Quinta tappa: Monte Erisetta/Rifugio Altavia (495 mt)- La Colla (488 mt)- cima d’Aurin (465 mt)- Ventimiglia- 13 km


Doveva essere una tappa in discesa che ci avrebbe portato tranquillamente al mare, invece anche il tratto di oggi ci riserva qualche fatica e infatti impieghiamo più tempo del previsto. Il sentiero non sembra scendere mai, anzi a volte sale inaspettatamente e io mi aspetto da un momento all’altro di vedere una strada che finalmente mi porti al livello del mare.
Il vantaggio però è che per tutto il tragitto, stando in quota, si può vedere il mare dall’alto e anche vedere, alle nostre spalle, le creste fatte nei giorni scorsi. Inoltre la vegetazione è meravigliosa, una macchia mediterranea che ci delizia coi suoi profumi e aromi. Nella foto qui sotto si vede il paese di Dolceacqua, uno dei tanti Borghi che si vedono dall’alto sparsi qua e là. Un altro interessante che non abbiamo potuto visitare sembra essere Pigna.

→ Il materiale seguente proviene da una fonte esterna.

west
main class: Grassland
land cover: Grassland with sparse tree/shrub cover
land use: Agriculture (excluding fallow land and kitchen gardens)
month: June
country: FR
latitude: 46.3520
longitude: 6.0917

Dopo un po’ di km e dopo aver incrociato un paio di rave party di Pasquetta, ci avviciniamo alle case abitate della parte alta di Ventimiglia e gli odori iniziano a diventare quelli dei fumi delle grigliate. Dopo un ultimo pezzo di sentiero, sbuchiamo proprio sopra la stazione dove finisce (o inizia l’Alta Via).

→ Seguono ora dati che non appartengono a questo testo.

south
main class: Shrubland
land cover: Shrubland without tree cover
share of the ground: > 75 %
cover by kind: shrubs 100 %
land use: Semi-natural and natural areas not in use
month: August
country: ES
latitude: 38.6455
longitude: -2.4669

Ci concediamo un breve giro fino al mare ma abbiamo il treno che ci aspetta. È pasquetta e dobbiamo evitare la folla che torna dalle vacanze, cosa ovviamente impossibile. Riusciamo a concederci, causa cambio treno, anche una sosta a Savona dove finalmente troviamo un pranzo dignitoso e una birra che si possa chiamare tale. In serata arriveremo a Milano e poi a casa dopo un viaggio totale di 7 ore.

Narcisi trombini



Considerazioni finali.
Questo trekking è stato più duro del previsto. Da una parte la presenza di neve nella parte più alta, che ovviamente complicava il percorso. I ramponi ci hanno facilitato ma non completamente; in alcuni punti la neve era troppo alta per essere utili. Dall’altra la totale assenza di acqua e di fonti dove recuperarla; questo ci ha messo davvero in difficoltà. Da segnalare il cambio incredibile di ambienti e di vegetazione attraversati in 5 giorni: dai pendii ancora innevati ai boschi di conifere, da ambienti severi e aspri alla vegetazione mediterranea colorata e profumata. E infine i personaggi incredibili incontrati in questo cammino: i due Enrico di Monesi, il primo che cerca di reinventarsi una vita in un paese fantasma e il secondo che qui è nato e vive tra i ricordi di una passata Val Senales e lo stadio a vedere il Milan. Marco, lo chef stellato che cerca di rimettere in piedi un rifugio (CAI), alla ricerca di una meritata recensione che lo elevi sopra i kebabbari di SanRemo. Maria del rifugio AltaVia che conosce tutte le erbe aromatiche possibili e i loro usi, per sé, il marito, ma anche per cani e gatti. Francesco, il vicino di casa di Maria, che ha accompagnato Elisa a Ventimiglia a causa di dolori alle caviglie, colui che ha mollato la divisa da carabiniere per fare il fabbro e adesso enumera i proprietari delle ville della zona, come una specie di hall of fame, sottolineando che spesso sono francesi o tedeschi. Una galleria che ci ha veramente colpito e ha arricchito questo nostro cammino ligure-francese.